Suppose for some \(i\in UD_{k}\), \(\mu (i)P_{i}\alpha _{k}(i)\). Since \(\mu \) Pareto dominates \(\alpha _{k}\) under P, \(\mu \) also Pareto dominates \(\alpha _{l}\) for each \(0\le l\le k-1\) due to Lemma 1. By the assumption of the lemma, \(\mu (i)=\alpha _{l}(i)\), for each \(i\in UD_{l}\) and each \(0\le l\le k-1\). Therefore, \(\mu \) Pareto dominates \(\alpha _{k}\) implies that for students who remain after removal in round-k, \(\mu \) Pareto dominates \(DA(P^{k},\succ )\) under P. So either \(\mu \) also Pareto dominates \(DA(P^{k},\succ )\) under \(P^{k}\) or for some \(i^{\prime }\) who remains in round-k, \(\mu (i^{\prime })\) is removed from \(P_{i^{\prime }}^{k}\) before round-k.
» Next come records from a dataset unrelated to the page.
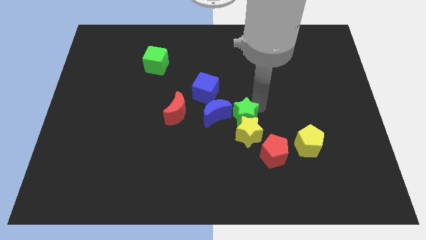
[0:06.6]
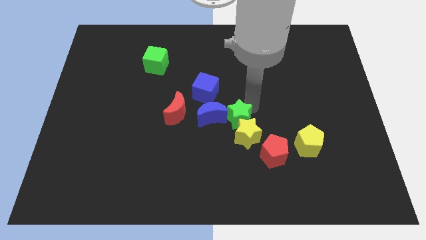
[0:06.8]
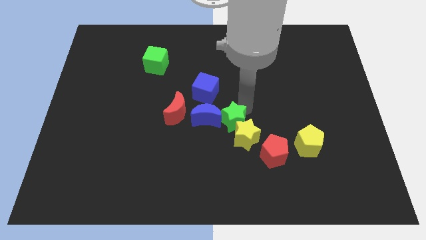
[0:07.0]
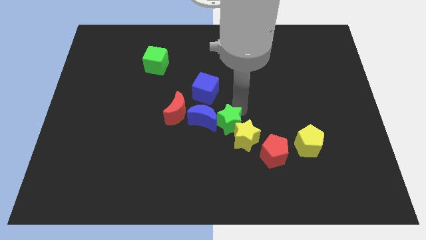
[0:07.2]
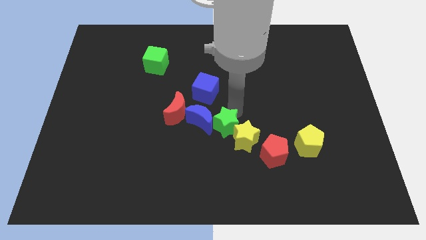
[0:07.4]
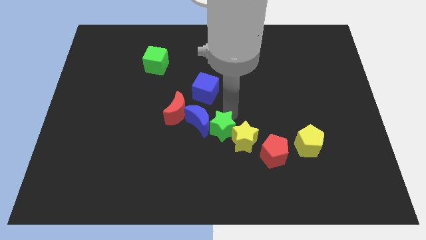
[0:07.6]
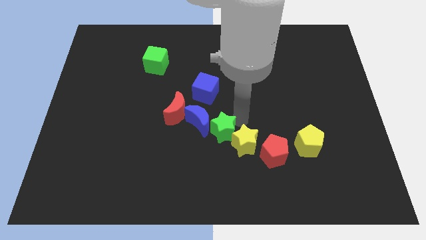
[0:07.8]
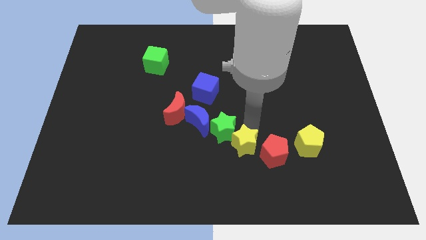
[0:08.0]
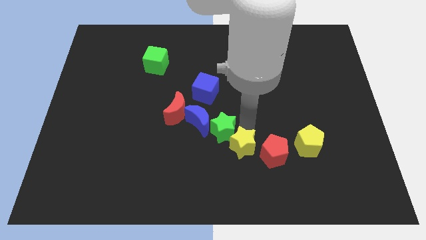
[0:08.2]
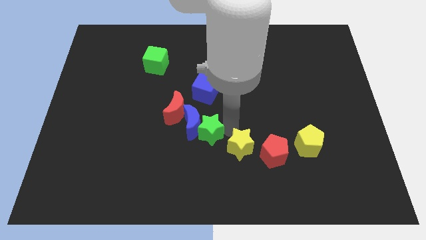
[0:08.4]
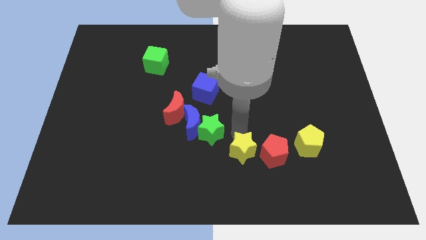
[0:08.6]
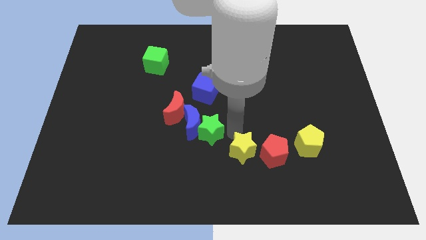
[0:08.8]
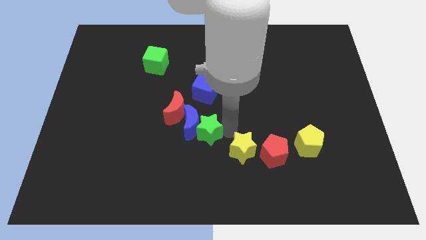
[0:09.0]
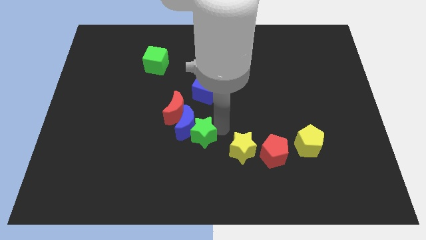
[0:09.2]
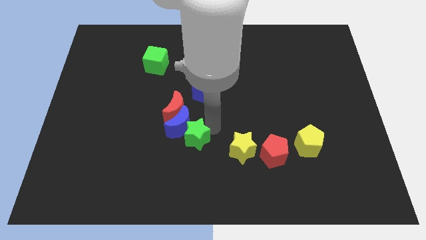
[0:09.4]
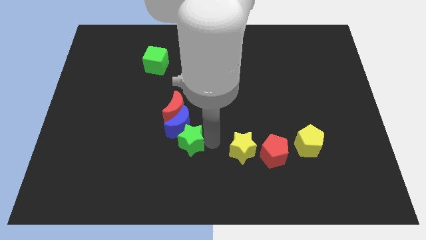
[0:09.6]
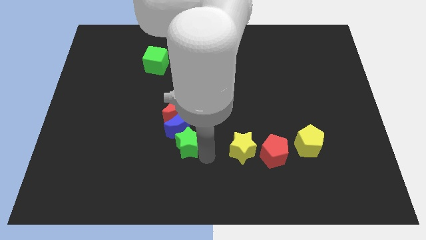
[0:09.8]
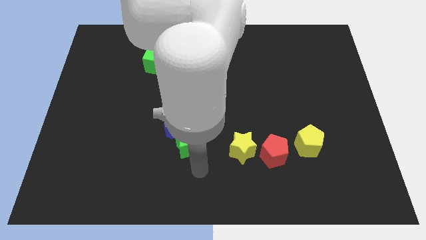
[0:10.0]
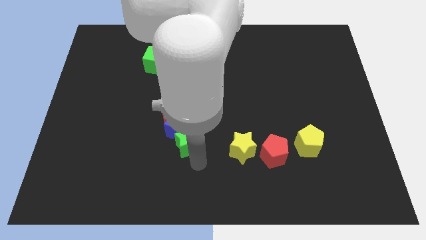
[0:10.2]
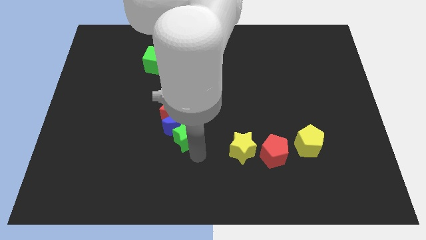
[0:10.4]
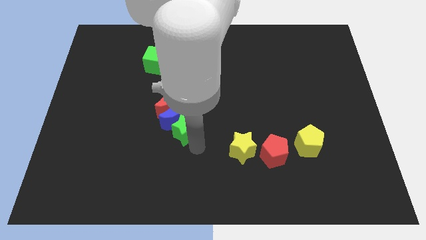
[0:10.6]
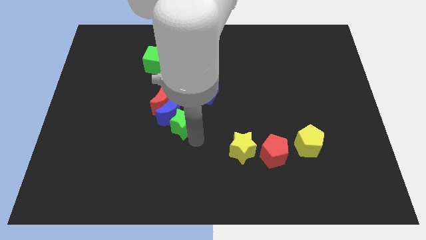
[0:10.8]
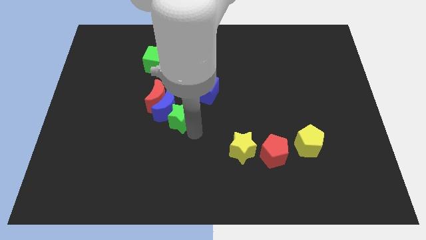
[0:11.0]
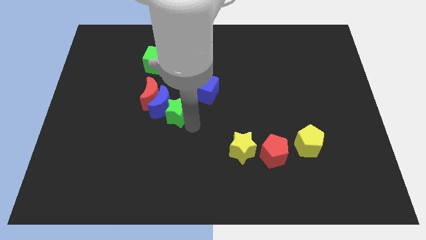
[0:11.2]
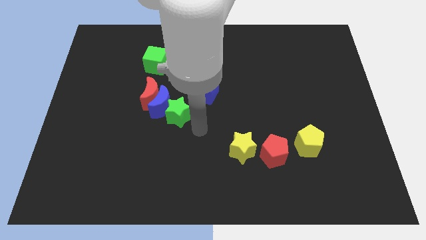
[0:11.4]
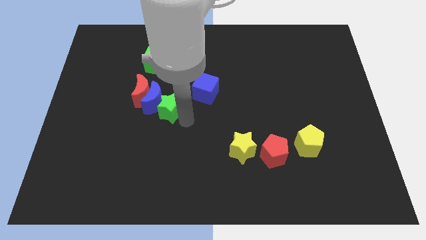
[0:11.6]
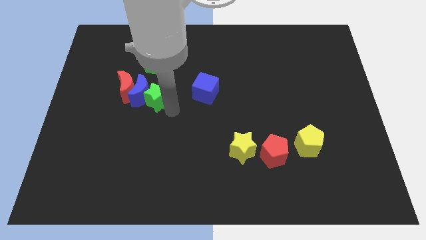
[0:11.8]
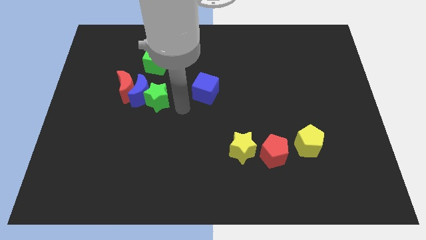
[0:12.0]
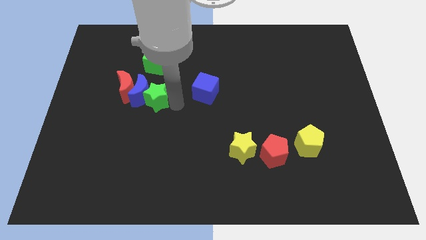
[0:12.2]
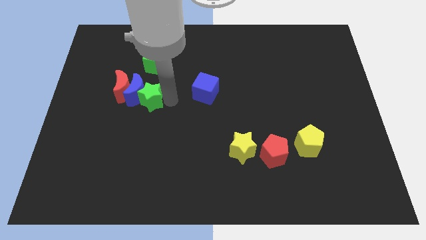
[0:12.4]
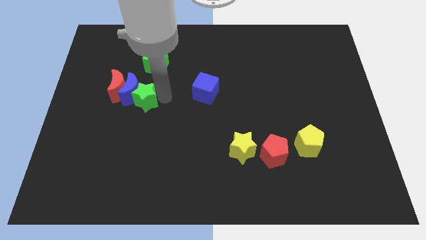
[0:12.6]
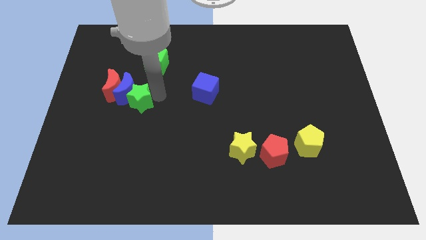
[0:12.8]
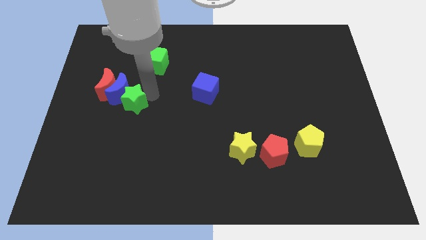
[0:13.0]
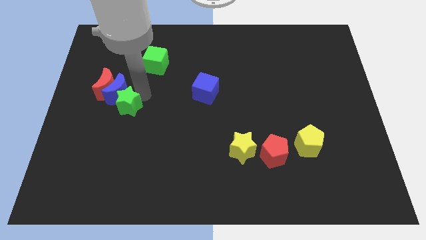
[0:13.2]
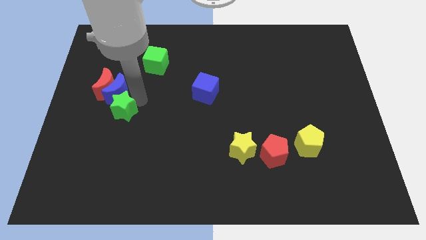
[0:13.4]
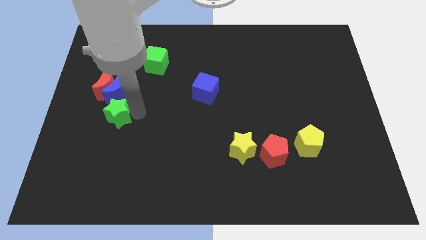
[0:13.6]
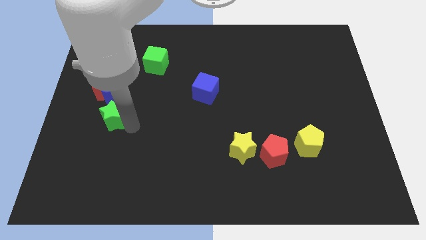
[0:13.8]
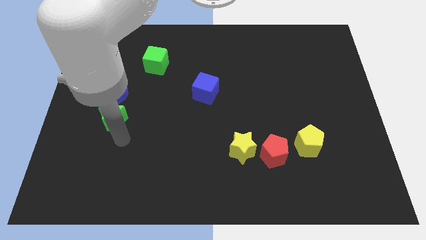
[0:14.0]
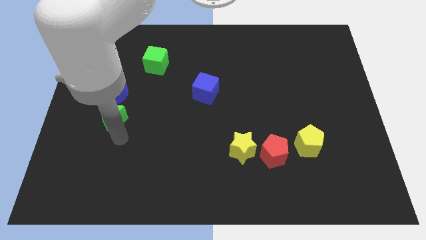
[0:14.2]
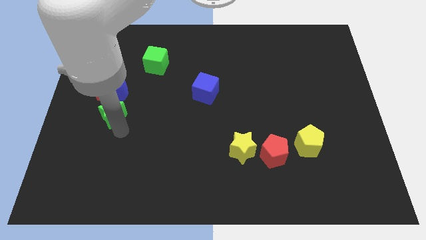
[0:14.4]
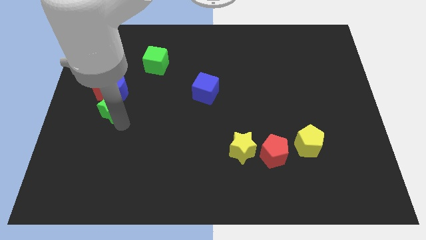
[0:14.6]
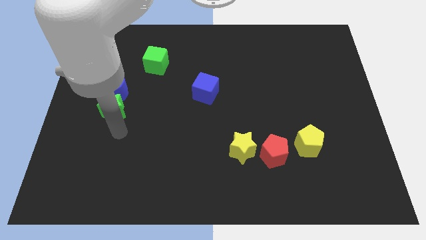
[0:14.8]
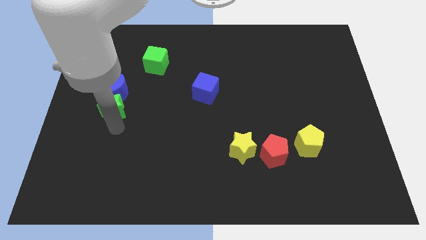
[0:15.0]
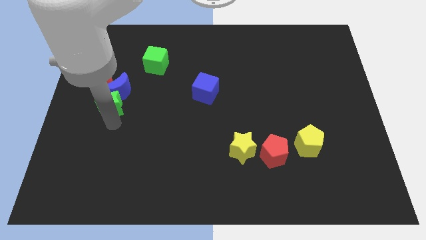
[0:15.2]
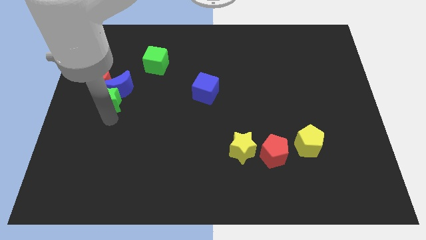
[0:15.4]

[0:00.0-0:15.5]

In the former case, we know that for all \(i\in UD_{k}\), \(\mu (i)=DA(P^{k},\succ )(i)=\alpha _{k}(i)\). This contradicts with the assumption that \(\mu (i)P_{i}\alpha _{k}(i)\) for some \(i\in UD_{k}\). In the latter case, \(\mu \) matches some student who remains after removal in round-k with a school removed in the earlier modifications of her preference. Again by definition of the algorithm, \(\mu \) is not \(\varepsilon \)-stable. We have a contradiction. \(\square \)

Since the case of \(k=1\) holds, by induction (due to lemma 2), for each \(k\ge 1\), if \(\mu \) Pareto dominates \(\alpha _{k}\) and is \(\varepsilon \)-stable (under the original preference profile P), then \(i\in UD_{k}\) implies \(\mu (i)=\alpha _{k}(i)\).

We now prove the theorem. Suppose there exists a matching \(\mu \) that Pareto dominates \(\alpha \) and is \(\varepsilon \)-stable. Let round-K be the last round of the \(\varepsilon \)-EADAM, which produces the eventual outcome \(\alpha =\alpha _{K}\). Since \(\mu \) Pareto dominates \(\alpha \), it Pareto dominates \(\alpha _{0},\ldots ,\alpha _{K}\). Since \(\mu \) is \(\varepsilon \)-stable, due to Lemma 2, for each \(0\le k\le K\), if \(i\in UD_{k}\), then \(\mu (i)=\alpha _{k}(i)\). That is, at matching \(\mu \), each student \(i\in I\) is matched with the seat she is removed together with. Therefore, \(\mu =\alpha \). We have a contradiction.